Targeted radionuclide therapy (TRNT) is an ever-expanding field of nuclear medicine that provides a personalised approach to cancer treatment while limiting toxicity to normal tissues. It involves the radiolabelling of a biological targeting vector with an appropriate therapeutic radionuclide, often facilitated by the use of a bifunctional chelator (BFC) to stably link the two entities. The radioisotopes of rhenium, Re-186 (t(1/2) = 90 h, 1.07 MeV beta(-), 137 keV gamma (9%)) and Re-188 (t(1/2) = 16.9 h, 2.12 MeV beta(-), 155 keV gamma (15%)), are particularly attractive for radiotherapy because of their convenient and high-abundance beta(-)-particle emissions as well as their imageable gamma-emissions and chemical similarity to technetium.

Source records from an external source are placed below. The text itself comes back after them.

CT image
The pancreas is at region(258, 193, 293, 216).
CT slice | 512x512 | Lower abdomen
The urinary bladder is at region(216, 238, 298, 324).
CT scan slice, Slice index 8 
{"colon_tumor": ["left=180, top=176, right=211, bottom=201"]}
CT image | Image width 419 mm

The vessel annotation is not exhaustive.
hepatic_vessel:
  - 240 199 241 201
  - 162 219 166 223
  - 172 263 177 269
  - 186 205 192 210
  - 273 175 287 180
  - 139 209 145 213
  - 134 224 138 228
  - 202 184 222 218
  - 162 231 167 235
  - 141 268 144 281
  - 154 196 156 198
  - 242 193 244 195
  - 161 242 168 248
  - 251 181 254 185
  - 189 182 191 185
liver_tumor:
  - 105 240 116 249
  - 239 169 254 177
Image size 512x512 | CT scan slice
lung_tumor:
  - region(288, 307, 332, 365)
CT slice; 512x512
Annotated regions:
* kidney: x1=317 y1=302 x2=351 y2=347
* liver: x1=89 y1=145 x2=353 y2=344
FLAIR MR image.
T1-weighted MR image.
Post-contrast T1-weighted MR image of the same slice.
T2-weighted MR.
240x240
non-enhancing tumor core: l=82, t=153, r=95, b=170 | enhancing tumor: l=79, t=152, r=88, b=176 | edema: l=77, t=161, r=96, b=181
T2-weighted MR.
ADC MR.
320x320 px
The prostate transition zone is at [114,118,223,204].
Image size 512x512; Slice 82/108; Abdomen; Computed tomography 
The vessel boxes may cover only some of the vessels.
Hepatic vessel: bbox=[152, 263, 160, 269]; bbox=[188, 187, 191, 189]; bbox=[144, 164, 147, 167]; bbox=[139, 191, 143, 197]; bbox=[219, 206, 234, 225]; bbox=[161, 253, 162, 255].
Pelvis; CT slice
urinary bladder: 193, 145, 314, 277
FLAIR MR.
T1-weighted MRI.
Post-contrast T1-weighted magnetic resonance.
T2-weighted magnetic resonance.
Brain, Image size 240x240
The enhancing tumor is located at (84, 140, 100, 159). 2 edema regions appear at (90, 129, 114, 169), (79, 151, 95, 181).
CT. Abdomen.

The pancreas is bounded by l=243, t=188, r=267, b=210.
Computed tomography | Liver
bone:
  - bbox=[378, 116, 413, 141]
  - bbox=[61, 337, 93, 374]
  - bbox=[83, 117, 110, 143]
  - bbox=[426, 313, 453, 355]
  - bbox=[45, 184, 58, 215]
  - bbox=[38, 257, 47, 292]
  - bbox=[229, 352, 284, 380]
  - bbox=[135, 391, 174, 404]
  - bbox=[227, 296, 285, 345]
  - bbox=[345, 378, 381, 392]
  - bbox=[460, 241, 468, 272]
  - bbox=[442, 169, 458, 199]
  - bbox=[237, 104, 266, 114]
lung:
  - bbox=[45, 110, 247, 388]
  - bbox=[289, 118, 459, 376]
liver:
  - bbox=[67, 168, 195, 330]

As a transition metal element with multiple oxidation states and coordination numbers accessible for complexation, there is great opportunity available when it comes to developing novel BFCs for rhenium. The purpose of this review is to provide a recap on some of the past successes and failings, as well as show some more current efforts in the design of BFCs for Re-186/188. Future use of these radionuclides for radiotherapy depends on their cost-effective availability and this will also be discussed. Finally, bioconjugation strategies for radiolabelling biomolecules with Re-186/188 will be touched upon.